Inducing Honest Behaviour on Amazon's Mechanical Turk
Recent years have seen an increased interest in crowdsourcing as a way of obtaining information from a large group of workers at a reduced cost. It has been widely reported, however, that crowd workers are not necessarily honest when performing a task in the absence of a well-chosen incentive structure. A crucial question that then arises is how to incentivize self-interested workers to behave honestly in crowdsourcing settings.
In this talk, I will describe how economic incentives might induce honest behaviour on Amazon’s Mechanical Turk, currently one of the most popular crowdsourcing platforms.
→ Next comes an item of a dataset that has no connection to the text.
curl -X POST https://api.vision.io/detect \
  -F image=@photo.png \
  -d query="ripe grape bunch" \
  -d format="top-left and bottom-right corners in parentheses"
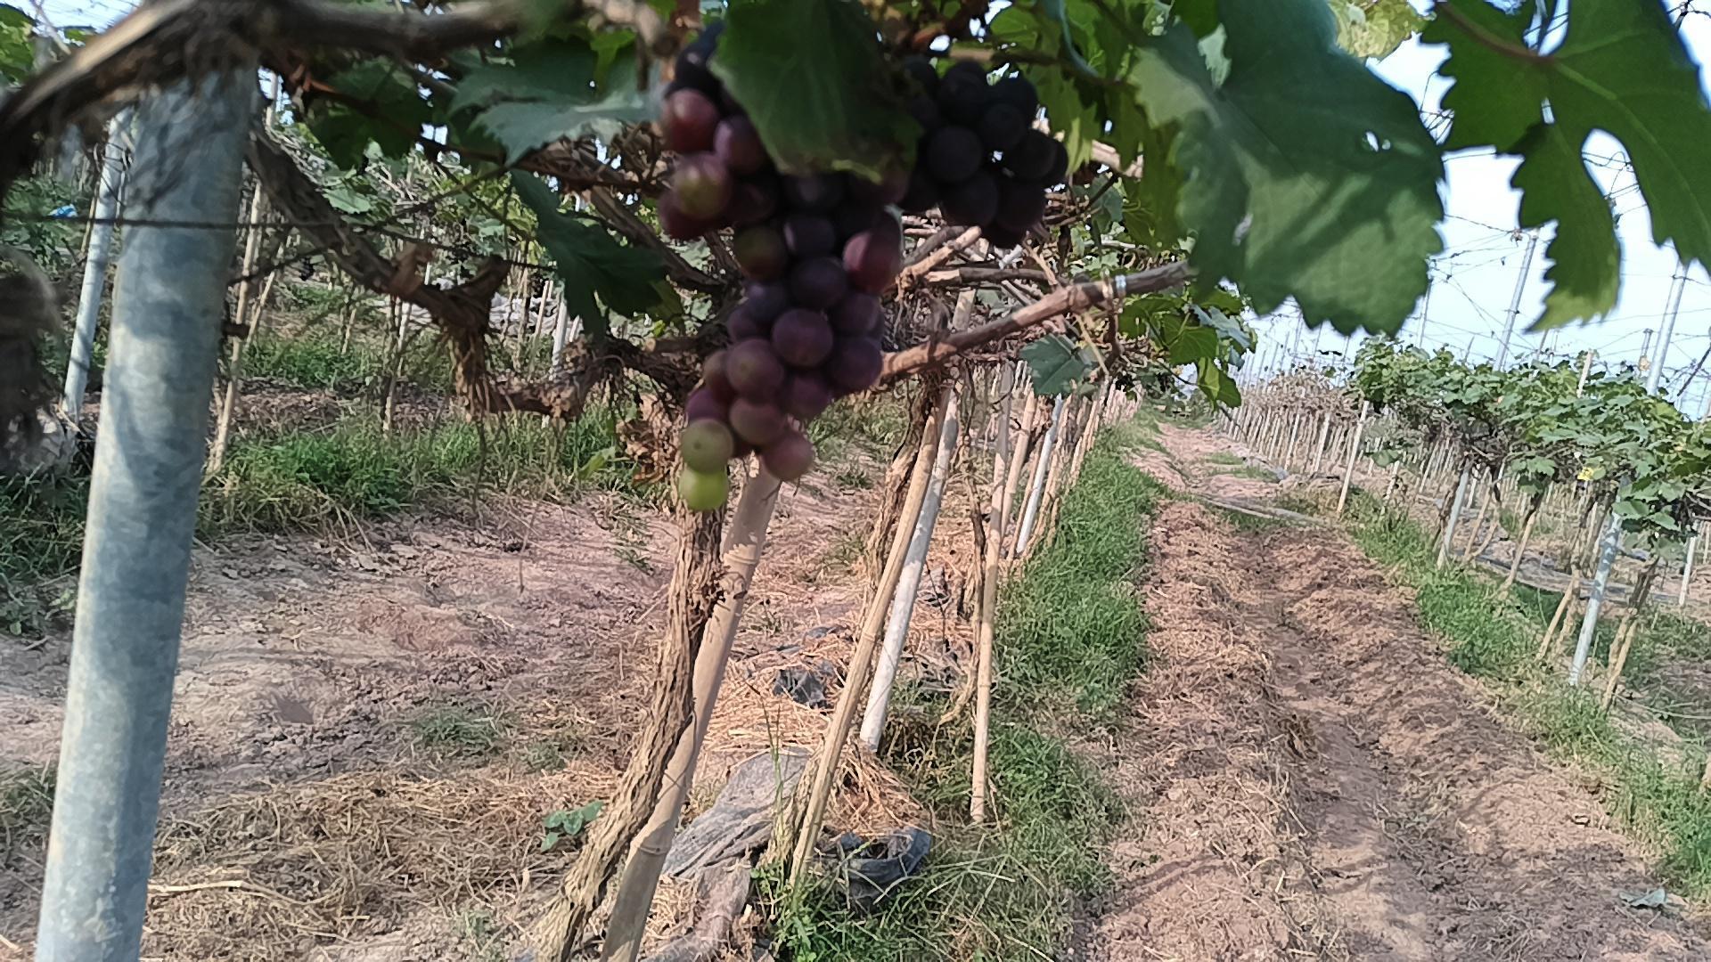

In particular, I will show how in theory a simple payment function that works by rewarding agreements between workers’ reports is enough to induce honest behaviour on Amazon’s Mechanical Turk.
From an empirical perspective, I will describe the results of a content-analysis experiment on Amazon’s Mechanical Turk that indicate that the presence of economic incentives based on pairwise comparisons results in reports that are more accurate than when such incentives are not present.
Arthur Carvalho is a PhD candidate in the David R. Cheriton School of Computer Science at the University of Waterloo. His research interests are in the design of economic mechanisms to incentivize self-interested agents to behave in desirable ways, and in the design of methods to elicit and aggregate information from agents in order to build collective intelligence.